#### The problem
The reply should return the data in full, exactly as written.

[Dataset items]
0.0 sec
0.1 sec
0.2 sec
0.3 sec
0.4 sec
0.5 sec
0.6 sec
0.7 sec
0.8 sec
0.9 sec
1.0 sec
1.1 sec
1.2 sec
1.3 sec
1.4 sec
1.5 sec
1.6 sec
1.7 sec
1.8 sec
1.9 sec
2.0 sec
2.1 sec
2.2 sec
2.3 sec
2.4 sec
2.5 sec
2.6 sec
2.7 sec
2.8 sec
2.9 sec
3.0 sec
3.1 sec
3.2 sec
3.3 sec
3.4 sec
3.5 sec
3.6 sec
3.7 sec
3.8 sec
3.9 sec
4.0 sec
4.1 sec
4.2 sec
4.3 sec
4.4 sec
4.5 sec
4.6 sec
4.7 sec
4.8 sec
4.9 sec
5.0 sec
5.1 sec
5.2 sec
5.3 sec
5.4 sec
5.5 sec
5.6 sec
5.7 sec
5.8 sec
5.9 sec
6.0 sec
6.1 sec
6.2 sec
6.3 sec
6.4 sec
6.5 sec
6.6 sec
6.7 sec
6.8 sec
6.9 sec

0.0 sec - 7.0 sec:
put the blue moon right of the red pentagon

#### Answer space
0.0 sec
0.1 sec
0.2 sec
0.3 sec
0.4 sec
0.5 sec
0.6 sec
0.7 sec
0.8 sec
0.9 sec
1.0 sec
1.1 sec
1.2 sec
1.3 sec
1.4 sec
1.5 sec
1.6 sec
1.7 sec
1.8 sec
1.9 sec
2.0 sec
2.1 sec
2.2 sec
2.3 sec
2.4 sec
2.5 sec
2.6 sec
2.7 sec
2.8 sec
2.9 sec
3.0 sec
3.1 sec
3.2 sec
3.3 sec
3.4 sec
3.5 sec
3.6 sec
3.7 sec
3.8 sec
3.9 sec
4.0 sec
4.1 sec
4.2 sec
4.3 sec
4.4 sec
4.5 sec
4.6 sec
4.7 sec
4.8 sec
4.9 sec
5.0 sec
5.1 sec
5.2 sec
5.3 sec
5.4 sec
5.5 sec
5.6 sec
5.7 sec
5.8 sec
5.9 sec
6.0 sec
6.1 sec
6.2 sec
6.3 sec
6.4 sec
6.5 sec
6.6 sec
6.7 sec
6.8 sec
6.9 sec

0.0 sec - 7.0 sec:
put the blue moon right of the red pentagon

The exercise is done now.